Painting by Suzanne Valadon

Adam and Eve is an oil-on-canvas painting by French artist Suzanne Valadon, executed in 1909. Its dimensions are 162 by 131 cm. It is held at the Musée National d'Art Moderne, in Paris.

==History and description==
Valadon was in a romantic relationship with the painter André Utter, who was 24 years younger, when she created this painting. In it she depicts herself, appearing younger than she was at the time, and Utter as Adam and Eve in the Garden of Eden. The original canvas showed Utter completely nude, but the artist decided to add the leaves covering his genitals to allow her work to be exhibited at the Salon in 1920. It is important to notice that they both do not realize they are nude as Suzanne depicts them as Adam has his hand on Eve's wrist begging her to not eat the forbidden fruit.

This is the first painting that Valadon created depicting an outdoors scene.

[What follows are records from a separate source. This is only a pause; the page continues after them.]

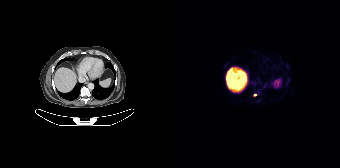
Findings: Coordinates are on the 168×168 PET (right) panel. Small PSMA-avid focus (2 to 4 px across) near (center x, center y): (82, 95).
- Left: CT. Right: PSMA PET, same axial level, 18F tracer
- acquired on Siemens Biograph 64-4R TruePoint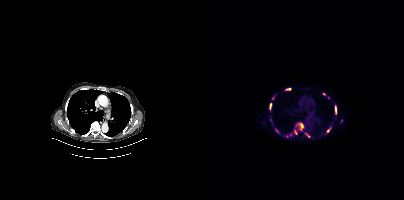
Findings: Coordinates are on the 200×200 PET (right) panel. (showing 11 of 15 foci) PSMA-avid tumor lesion bounding boxes (x0,y0,x1,y1): [93,122,99,129] [131,106,132,114] [65,103,67,109] [101,133,106,137] [81,88,86,90] [90,129,92,133]. Small PSMA-avid foci (2 to 4 px across) near (center x, center y): (87, 134) (123, 131) (124, 97) (126, 127) (72, 130).
- Paired axial CT (left) and PSMA PET (right), 68Ga tracer
- PET panel 200×200 px (4.1 mm/px)
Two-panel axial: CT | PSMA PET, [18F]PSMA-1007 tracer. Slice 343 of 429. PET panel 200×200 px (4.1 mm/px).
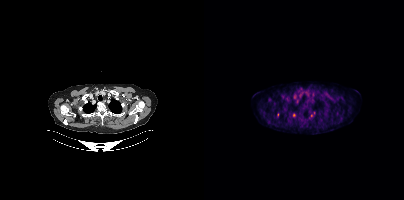
Coordinates are on the 200×200 PET (right) panel. (showing 2 of 3 foci) Small PSMA-avid foci (2 to 4 px across) near (center x, center y): (73, 114) (89, 115).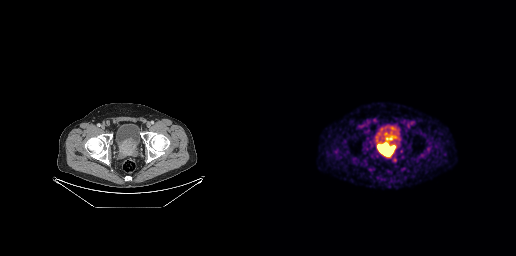
{"modality":"PSMA PET/CT","view":"axial","tracer":"68Ga-PSMA","pet_grid":[256,256],"coord_frame":"pet_panel","coord_format":"x0,y0,x1,y1","lesion_bboxes":[[117,143,135,156],[128,137,132,141]]}
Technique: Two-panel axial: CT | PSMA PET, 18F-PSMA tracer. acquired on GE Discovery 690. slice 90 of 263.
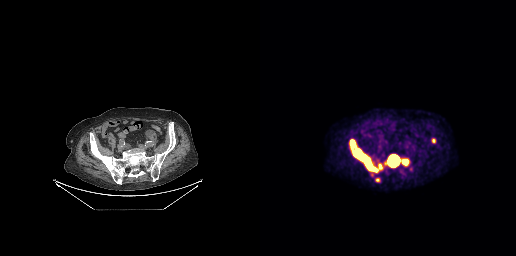
Findings: Coordinates are on the 256×256 PET (right) panel. PSMA-avid tumor lesion bounding boxes (x0,y0,x1,y1): [89,139,148,173], [115,178,119,181], [172,138,175,142]. Small PSMA-avid focus (2 to 4 px across) near (center x, center y): (111, 174).
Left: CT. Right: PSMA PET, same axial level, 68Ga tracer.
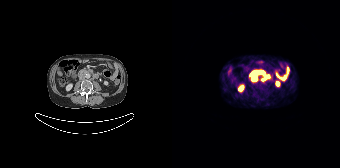
Coordinates are on the 168×168 PET (right) panel. PSMA-avid tumor lesion bounding boxes (partial; 1 more focus not listed):
| # | x0 | y0 | x1 | y1 |
|---|---|---|---|---|
| 1 | 80 | 71 | 87 | 80 |
| 2 | 92 | 75 | 97 | 79 |
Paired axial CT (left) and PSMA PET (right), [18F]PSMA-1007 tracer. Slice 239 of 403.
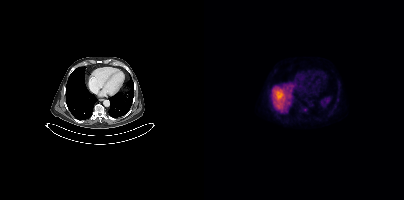
Coordinates are on the 200×200 PET (right) panel. Small PSMA-avid focus (2 to 4 px across) near (center x, center y): (101, 109).
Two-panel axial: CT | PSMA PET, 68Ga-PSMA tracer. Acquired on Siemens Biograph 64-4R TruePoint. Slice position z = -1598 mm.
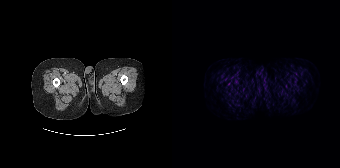
This slice has no annotated PSMA-avid lesion.
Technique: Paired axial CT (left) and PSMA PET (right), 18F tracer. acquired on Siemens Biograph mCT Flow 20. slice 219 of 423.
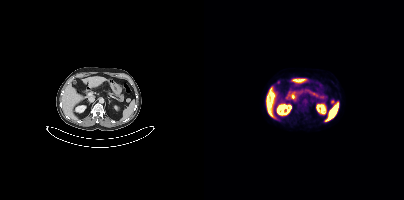
Findings: Coordinates are on the 200×200 PET (right) panel. Small PSMA-avid focus (2 to 4 px across) near (center x, center y): (128, 101).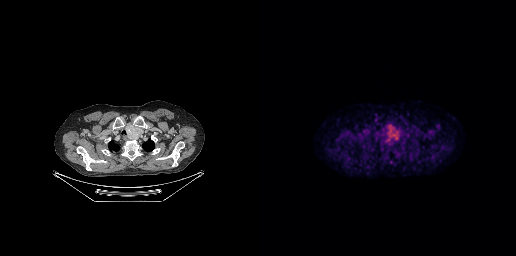
{"modality":"PSMA PET/CT","view":"axial","tracer":"18F","pet_grid":[256,256],"coord_frame":"pet_panel","coord_format":"x0,y0,x1,y1","lesion_bboxes":[[127,125,139,140]]}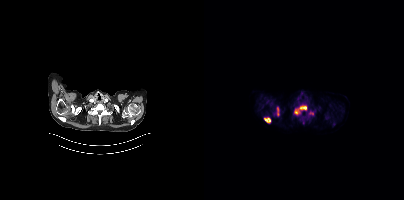
- Two-panel axial: CT | PSMA PET, 18F-PSMA tracer
- PET panel 200×200 px (4.1 mm/px)
Findings: Coordinates are on the 200×200 PET (right) panel. PSMA-avid tumor lesion bounding boxes (x, y, width, height): x=90 y=106 w=14 h=9; x=60 y=118 w=7 h=5; x=104 y=111 w=6 h=5; x=73 y=108 w=3 h=6.
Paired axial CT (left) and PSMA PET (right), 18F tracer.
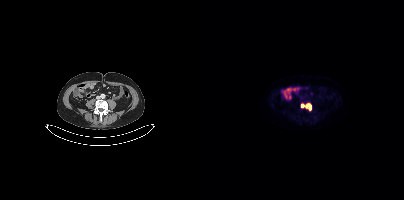
Coordinates are on the 200×200 PET (right) panel. PSMA-avid tumor lesion bounding boxes:
| # | x0 | y0 | x1 | y1 |
|---|---|---|---|---|
| 1 | 102 | 104 | 107 | 110 |
Small PSMA-avid focus (2 to 4 px across) near (center x, center y): (98, 105).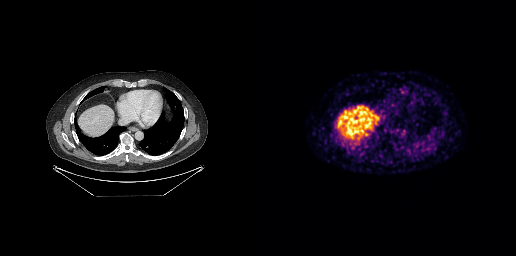
- Paired axial CT (left) and PSMA PET (right), [68Ga]Ga-PSMA-11 tracer
- acquired on GE Discovery 690
- slice 175 of 263
- PET panel 256×256 px (2.7 mm/px)
Findings: No PSMA-avid tumor lesions on this slice.
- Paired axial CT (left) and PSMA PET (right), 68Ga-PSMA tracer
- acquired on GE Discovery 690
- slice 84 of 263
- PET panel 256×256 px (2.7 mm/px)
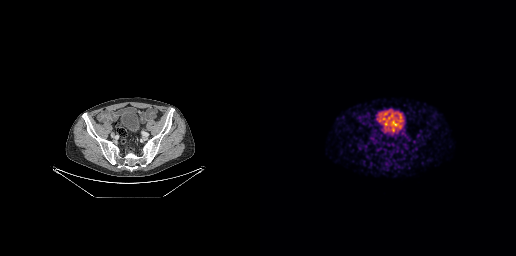
Findings: No tumor lesions annotated on this slice.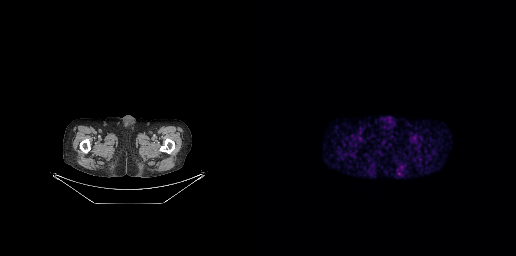
Technique: Two-panel axial: CT | PSMA PET, 68Ga tracer. slice position z = -870 mm.
Findings: No tumor lesions annotated on this slice.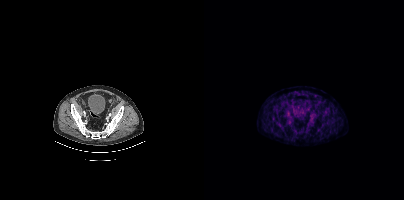
Paired axial CT (left) and PSMA PET (right), [18F]PSMA-1007 tracer. Acquired on Siemens Biograph mCT Flow 20. PET panel 200×200 px (4.1 mm/px). No tumor lesions annotated on this slice.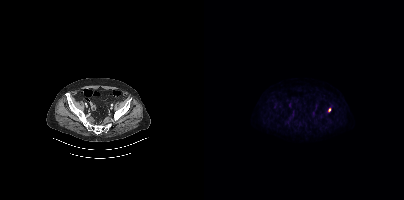
modality: PSMA PET/CT | tracer: 18F | view: axial
Coordinates are on the 200×200 PET (right) panel. Small PSMA-avid focus (2 to 4 px across) near (center x, center y): (125, 109).
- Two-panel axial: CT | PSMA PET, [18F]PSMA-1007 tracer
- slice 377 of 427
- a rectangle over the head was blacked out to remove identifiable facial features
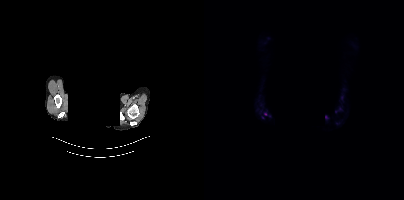
Findings: Coordinates are on the 200×200 PET (right) panel. (showing 3 of 4 foci) Small PSMA-avid foci (2 to 4 px across) near (center x, center y): (61, 113); (122, 117); (58, 117).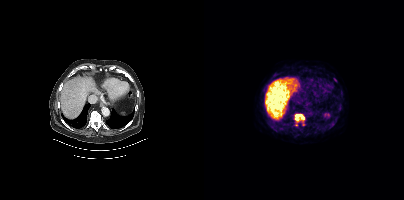
Findings: Coordinates are on the 200×200 PET (right) panel. (showing 2 of 4 foci) PSMA-avid tumor lesion bounding box (x, y, width, height): x=91 y=114 w=10 h=8. Small PSMA-avid focus (2 to 4 px across) near (center x, center y): (130, 79).
Technique: Two-panel axial: CT | PSMA PET, 18F tracer. acquired on Siemens Biograph mCT Flow 20. slice 276 of 454. PET panel 200×200 px (4.1 mm/px).
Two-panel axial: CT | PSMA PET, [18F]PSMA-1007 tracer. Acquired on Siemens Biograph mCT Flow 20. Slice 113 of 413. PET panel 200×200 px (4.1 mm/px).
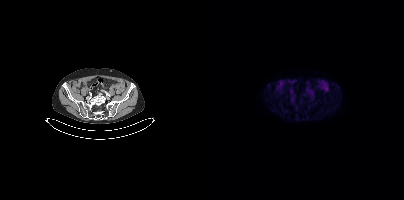
Negative for PSMA-avid disease on this slice.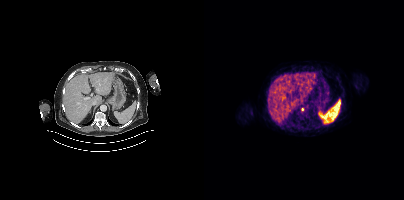
Coordinates are on the 200×200 PET (right) panel. Small PSMA-avid focus (2 to 4 px across) near (center x, center y): (98, 109).
modality: PSMA PET/CT | tracer: 68Ga-PSMA | view: axial | PET grid: 200×200
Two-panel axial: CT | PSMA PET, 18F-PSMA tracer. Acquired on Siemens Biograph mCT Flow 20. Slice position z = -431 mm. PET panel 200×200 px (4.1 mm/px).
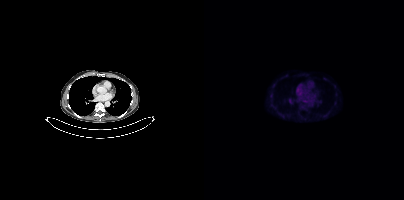
Negative for PSMA-avid disease on this slice.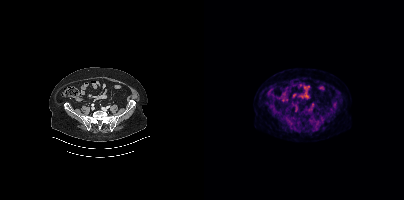
This slice has no annotated PSMA-avid lesion.
modality: PSMA PET/CT | tracer: 18F-PSMA | view: axial | PET grid: 200×200
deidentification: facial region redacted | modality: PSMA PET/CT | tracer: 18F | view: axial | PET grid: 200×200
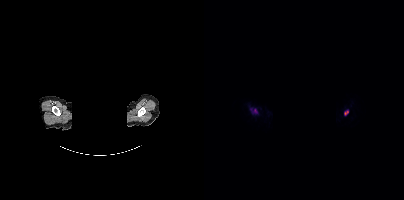
Coordinates are on the 200×200 PET (right) panel. PSMA-avid tumor lesion bounding boxes (x0,y0,x1,y1): [46,108,53,113], [140,110,144,115].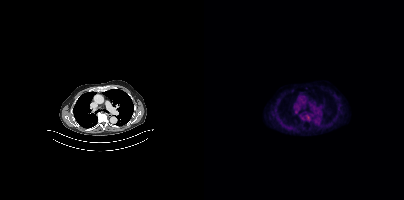
{"pet_grid":[200,200],"coord_frame":"pet_panel","coord_format":"x0,y0,x1,y1","partial":true,"lesion_bboxes":[],"modality":"PSMA PET/CT","view":"axial","tracer":"18F"}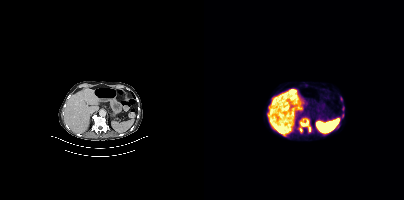
Findings: Coordinates are on the 200×200 PET (right) panel. (showing 2 of 3 foci) PSMA-avid tumor lesion bounding box (x0,y0,x1,y1): [95,118,107,132]. Small PSMA-avid focus (2 to 4 px across) near (center x, center y): (137, 99).
Technique: Left: CT. Right: PSMA PET, same axial level, 18F tracer. acquired on Siemens Biograph mCT Flow 20. slice position z = -538 mm.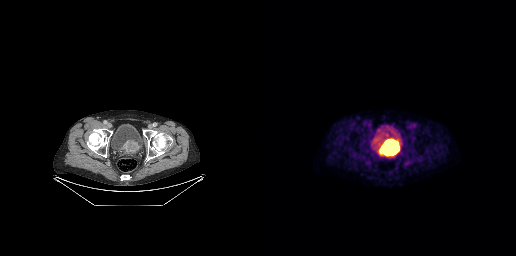
Coordinates are on the 256×256 PET (right) panel. PSMA-avid tumor lesion bounding box (x0,y0,x1,y1): [120,140,137,154].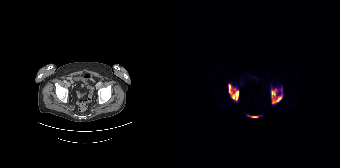
Coordinates are on the 168×168 PET (right) panel. PSMA-avid tumor lesion bounding boxes (x, y, width, height): x=56 y=83 w=12 h=19 / x=99 y=88 w=12 h=16 / x=75 y=115 w=12 h=3. Small PSMA-avid focus (2 to 4 px across) near (center x, center y): (109, 90).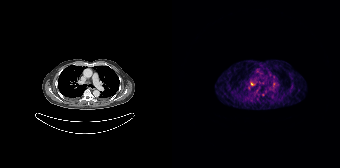
Technique: Left: CT. Right: PSMA PET, same axial level, 68Ga tracer. acquired on Siemens Biograph 64-4R TruePoint. slice 142 of 195.
Findings: Coordinates are on the 168×168 PET (right) panel. (showing 2 of 3 foci) Small PSMA-avid foci (2 to 4 px across) near (center x, center y): (80, 84), (101, 84).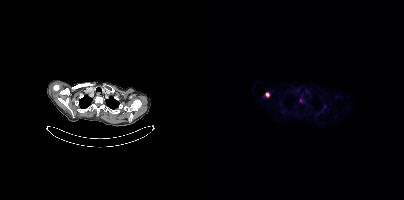
Findings: Coordinates are on the 200×200 PET (right) panel. PSMA-avid tumor lesion bounding box (x0, y0)-(x1, y1): (61, 92)-(65, 97). Small PSMA-avid focus (2 to 4 px across) near (center x, center y): (96, 100).
Technique: Paired axial CT (left) and PSMA PET (right), [18F]PSMA-1007 tracer. acquired on Siemens Biograph mCT Flow 20. PET panel 200×200 px (4.1 mm/px).

It is also believed to have been the first painting by a female artist portraying a nude couple that was exhibited publicly. In the painting Eve reaches happily for the apple, while she is entwined with Adam. There is no serpent in the painting. It can be interpreted as a metaphor for Valadon's relationship with a younger man, as if it was the forbidden fruit.

According to biographer Catherine Hewitt: "The couple, Suzanne confessed, were caught in a timeless paradise and they were both responsible for their sin".